MY LOVE LANGUAGE

MY LOVE LANGUAGE

Feb 05, 2026Perrine Prieur

Five wines I cannot live without

Love, for me, is rarely loud. It’s patient. It’s layered. It’s built over time, through repetition, trust, and emotion. Wine speaks that same language. Certain bottles don’t just please my palate—they ground me, move me, and remind me why I chose this life in wine.

These are not trend wines. They are relationship wines. The ones I come back to, again and again, because they say something essential about who I am and how I taste.

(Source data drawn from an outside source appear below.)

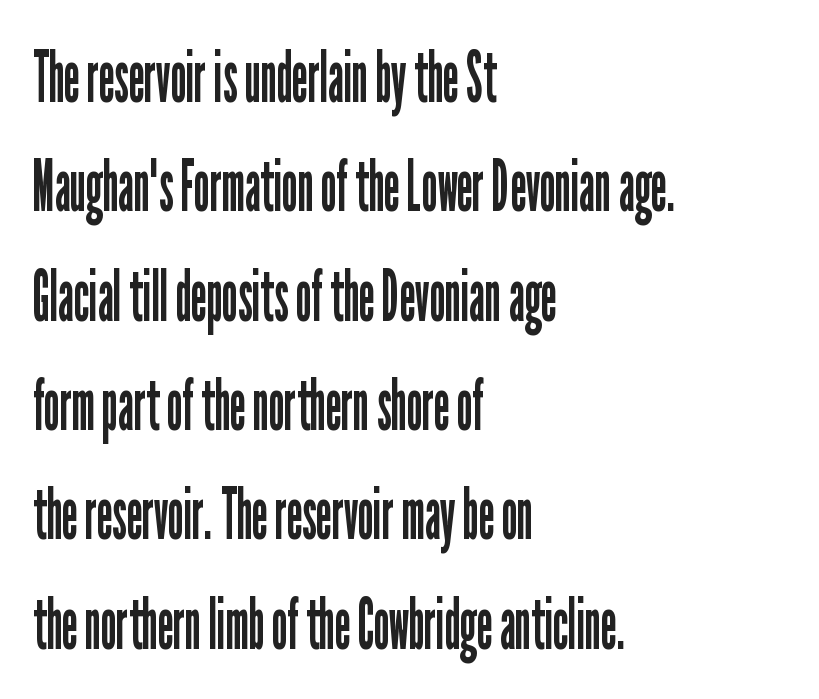
Character widths vary here, with narrow letters taking less room than wide ones. The letters stand straight up with perfectly vertical stems. How would I describe the line gaps? Plain and ordinary. Every row of glyphs begins at an identical x-position on the left. The letters look calm and open, with moderate or lighter stems.
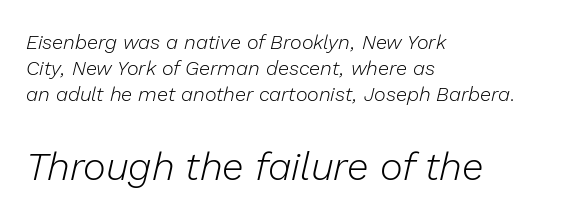
The image shows 39 px light type, italic (leaning right); set left-aligned, normal line spacing (1.31x), normal letter spacing, not underlined; the second (bottom) block is 1.95x larger; low stroke contrast and a medium x-height.
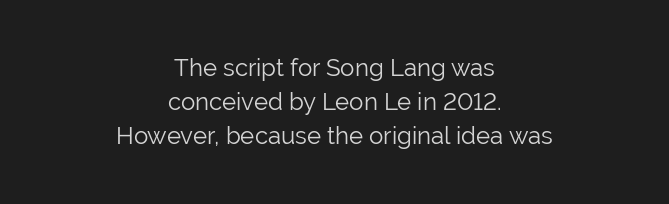
Q: Is the text bold? A: No.
Q: Is the text italic (slanted)? A: No, it is upright.
Q: Is the text underlined? A: No.
Q: How is the paragraph aligned? A: Centered.
Q: Is the spacing between letters normal or unusually wide? A: Normal.
Q: Is the spacing between lines tight, normal or loose? A: Normal.
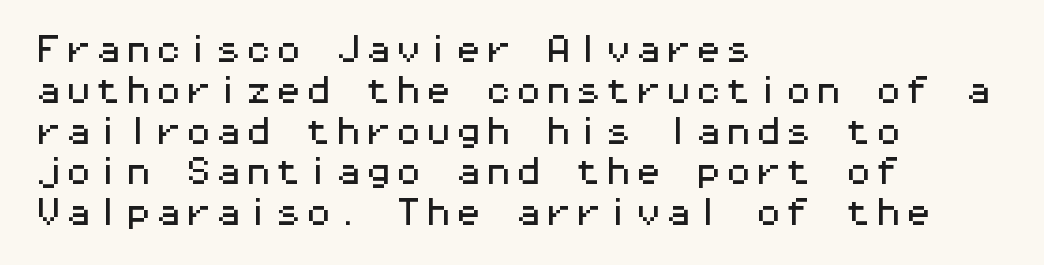
Q: Is the text italic (slanted)? A: No, it is upright.
Q: Is the typeface a serif or a sans-serif typeface? A: Sans-serif.
Q: Is the text underlined? A: No.
Q: How is the paragraph aligned? A: Left-aligned.
Q: Is the spacing between letters normal or unusually wide? A: Normal.
Q: Is the spacing between lines tight, normal or loose? A: Normal.
Q: Width (condensed, normal, or wide)? A: Wide.
Q: Stroke contrast? A: Medium.
Q: x-height? A: Medium.
Q: Monospaced? A: Yes.
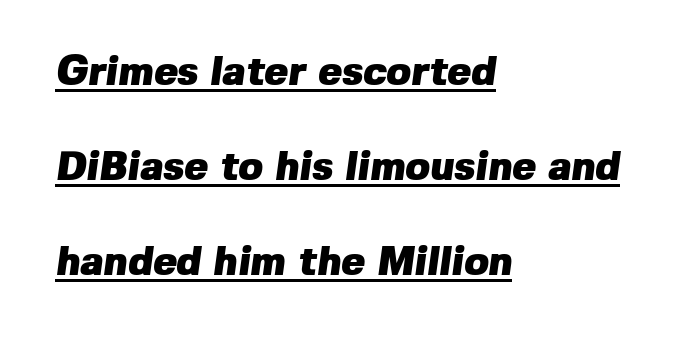
{"serif": "no", "bold": "yes", "weight": "heavy", "width": "normal", "stroke_contrast": "low", "x_height": "medium", "monospaced": "no", "underline": "yes", "align": "left", "line_spacing": "loose", "line_spacing_ratio": 2.37, "letter_spacing": "normal", "letter_spacing_em": 0.0, "glyph_px": 40}
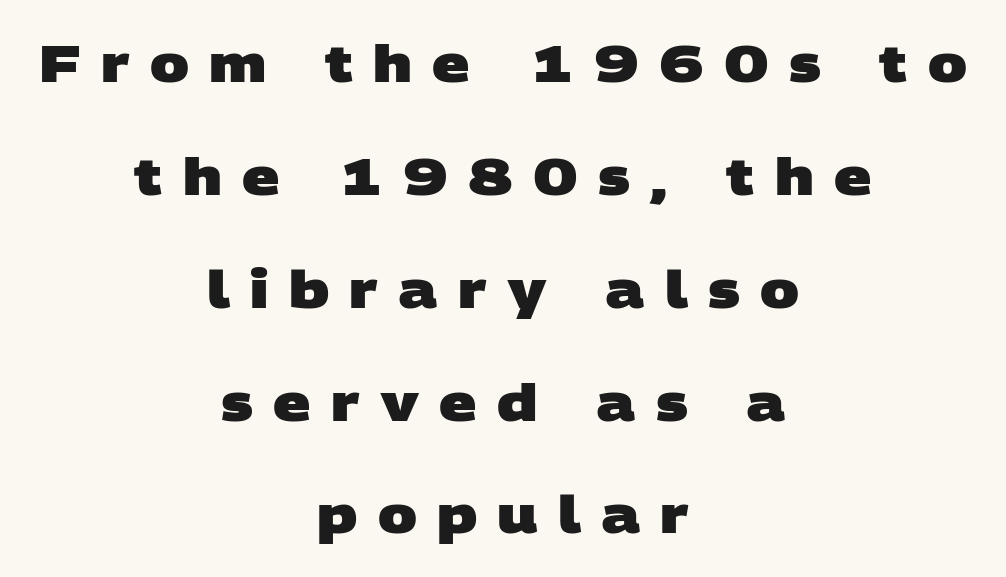
Q: Is the text bold? A: Yes.
Q: Is the typeface a serif or a sans-serif typeface? A: Sans-serif.
Q: Is the text underlined? A: No.
Q: How is the paragraph aligned? A: Centered.
Q: Is the spacing between letters normal or unusually wide? A: Unusually wide.
Q: Is the spacing between lines tight, normal or loose? A: Loose.
Q: Width (condensed, normal, or wide)? A: Wide.
Q: Stroke contrast? A: Low.
Q: x-height? A: Large.
Q: Monospaced? A: No.
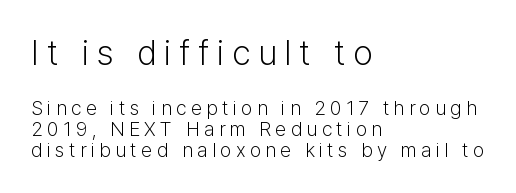
The image shows 35 px light sans-serif type, upright; set left-aligned, tight line spacing (1.04x), unusually wide letter spacing (+0.22 em), not underlined; the first (top) block is 1.75x larger; low stroke contrast and a medium x-height.
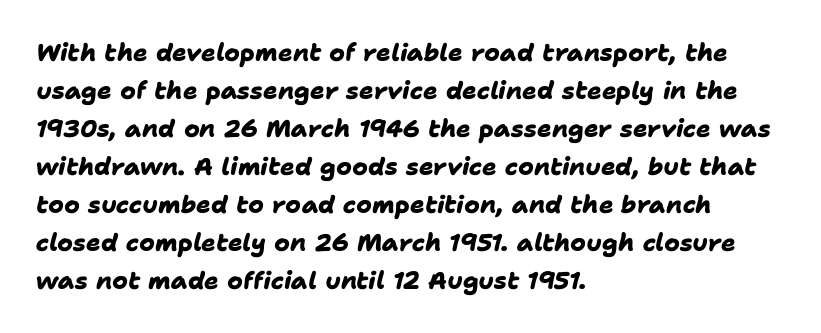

Champagne as a Beginning (and an Ending)

2010 Domaine Les Monts Fournois “Côte Vertus Premier Cru” Brut — Champagne 


Champagne is my punctuation mark. It opens conversations, seals memories, and often says what words cannot.

From Domaine Les Monts Fournois, this Premier Cru from Vertus is everything I love about grower Champagne: precision, restraint, and quiet confidence. The 2010 vintage brings tension and depth—chalk, citrus peel, orchard fruit, and that unmistakable saline finish that keeps pulling you back.

This is not a flashy Champagne. It’s thoughtful. It rewards attention. Like love that deepens over time, it doesn’t rush to impress—it stays.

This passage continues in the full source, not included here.